Ayant pris congé de Vincent, une fois remonté dans le taxi, je me calmai peu à peu; mon état d'esprit lors de la traversée de la banlieue parisienne restait cependant assez chaotique, et ce n'est qu'après la porte d'Italie que je retrouvai la force d'ironiser, et de me répéter mentalement: "Serait-ce donc possible! Cet immense artiste, ce créateur de valeurs, il ne l'a pas encore appris, que l'amour est mort!" Je ressentis aussitôt une certaine tristesse à constater que je n'avais toujours pas renoncé à être ce que j'avais été, tout au long de ma carrière: une espece de Zarathoustra des classes moyennes.
(...)
Este espacio virtual en el que se sumerge Daniel no deja de recordar a otro (además de a mi mar neblinoso)—otro espacio que aparece al final de La Possibilité d'une Île. El descendiente posthumano clonado a partir de Daniel, Daniel25, abandona la fría y solitaria civilización-burbuja de su especie para salir al escenario postapocalíptico de la Tierra tras las grandes destrucciones, y anda cientos de kilómetros por España hasta llegar a la orilla de una playa terminal, casi infinita y mezclada con el mar, donde piensa pasar el resto de sus días, y donde terminan así con la novela, sus reflexiones sobre el sentido de su vida, el deseo y la paz de espíritu:
J'avais atteint le terme de mon voyage.
Ce paysage ne ressemblait guère, à vrai dire, à l'océan tel que l'homme avait pu le connaître; c'était un chapelet de mares et d'étangs à l'eau presque immobile, séparés par des bancs de sable; tout était baigné d'une lumière opaline, égale. Je n'avais pas la force de courir, et c'est d'un pas chancelant que je me dirigeai vers la source de la vie. (...)
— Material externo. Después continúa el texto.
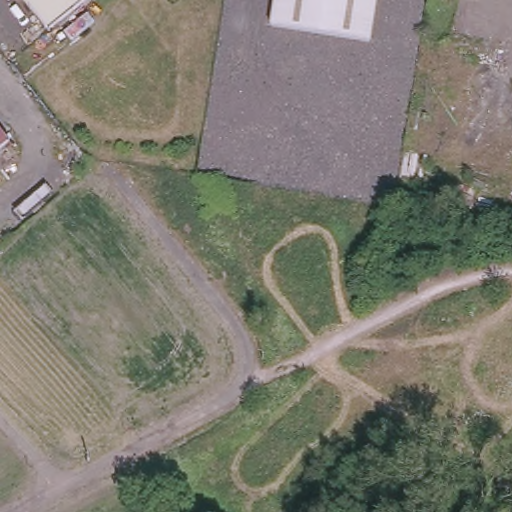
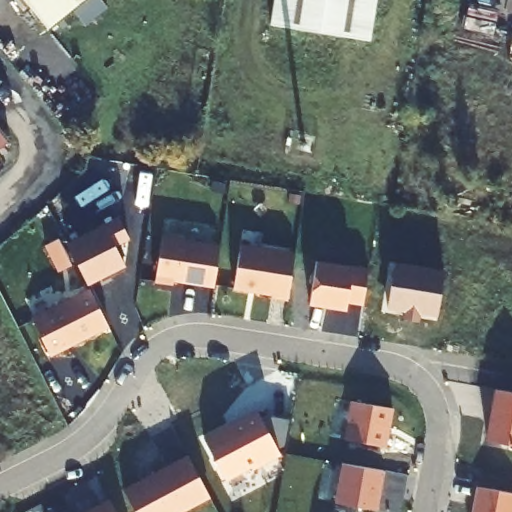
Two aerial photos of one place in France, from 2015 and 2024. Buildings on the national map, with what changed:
unchanged [(27,0),(91,0),(52,31),(27,0)]
unchanged [(272,22),(276,0),(378,0),(372,38),(272,22)]
unchanged [(0,147),(0,123),(12,137),(0,147)]
demolished [(80,244),(63,212),(95,195),(112,227),(80,244)]
new [(130,240),(115,246),(125,266),(88,286),(65,245),(117,218),(130,240)]
demolished [(112,227),(130,260),(97,277),(80,244),(112,227)]
new [(212,287),(174,281),(172,286),(155,282),(162,235),(221,246),(212,287)]
new [(288,298),(233,291),(241,244),(295,252),(288,298)]
new [(362,306),(347,302),(345,311),(308,304),(316,260),(352,266),(368,268),(362,306)]
new [(437,321),(387,313),(394,262),(445,272),(437,321)]
new [(110,327),(52,357),(32,318),(90,288),(110,327)]
demolished [(0,351),(0,341),(27,327),(45,358),(13,375),(0,351)]
demolished [(156,345),(188,327),(205,358),(172,376),(156,345)]
demolished [(172,376),(140,392),(124,362),(156,345),(172,376)]
demolished [(45,358),(62,391),(30,407),(13,375),(45,358)]
new [(485,440),(495,390),(512,392),(512,445),(485,440)]
new [(387,449),(343,440),(350,400),(395,408),(387,449)]
new [(260,416),(290,420),(283,450),(278,451),(282,455),(254,471),(252,468),(228,482),(204,438),(257,410),(260,416)]
new [(210,497),(183,512),(135,512),(123,491),(187,456),(210,497)]
new [(380,512),(333,505),(340,463),(385,472),(380,512)]
new [(476,487),(512,493),(512,512),(472,512),(476,487)]
new [(117,512),(86,512),(110,499),(117,512)]
demolished [(103,506),(107,512),(91,512),(103,506)]

Il me restait peut-être soixante ans à vivre; plus de vingt mille journées qui seraient identiques. J'éviterais la pensée comme j'éviterais la souffrance. Les écueils de la vie étaient loin derrière moi; j'étais maintenant entré dans un espace paisible dont seul m'écarterait le processus létal.
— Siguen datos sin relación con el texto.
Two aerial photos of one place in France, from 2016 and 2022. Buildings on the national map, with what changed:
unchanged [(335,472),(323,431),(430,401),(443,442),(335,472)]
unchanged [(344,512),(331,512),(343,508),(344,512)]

Je me baignais longtemps, sous le soleil comme sous la lumière des étoiles, et je ne ressentais rien d'autre qu'une légère sensation obscure et nutritive. Le bonheur n'était pas un horizon possible. Le monde avait trahi. Mon corps m'appartenait pour un bref laps de temps; je n'atteindrais jamais l'objectif assigné. Le futur était vide; il était la montagne. Mes rêves étaient peuplés de présences émotives. J'étais, je n'étais plus. La vie était réelle.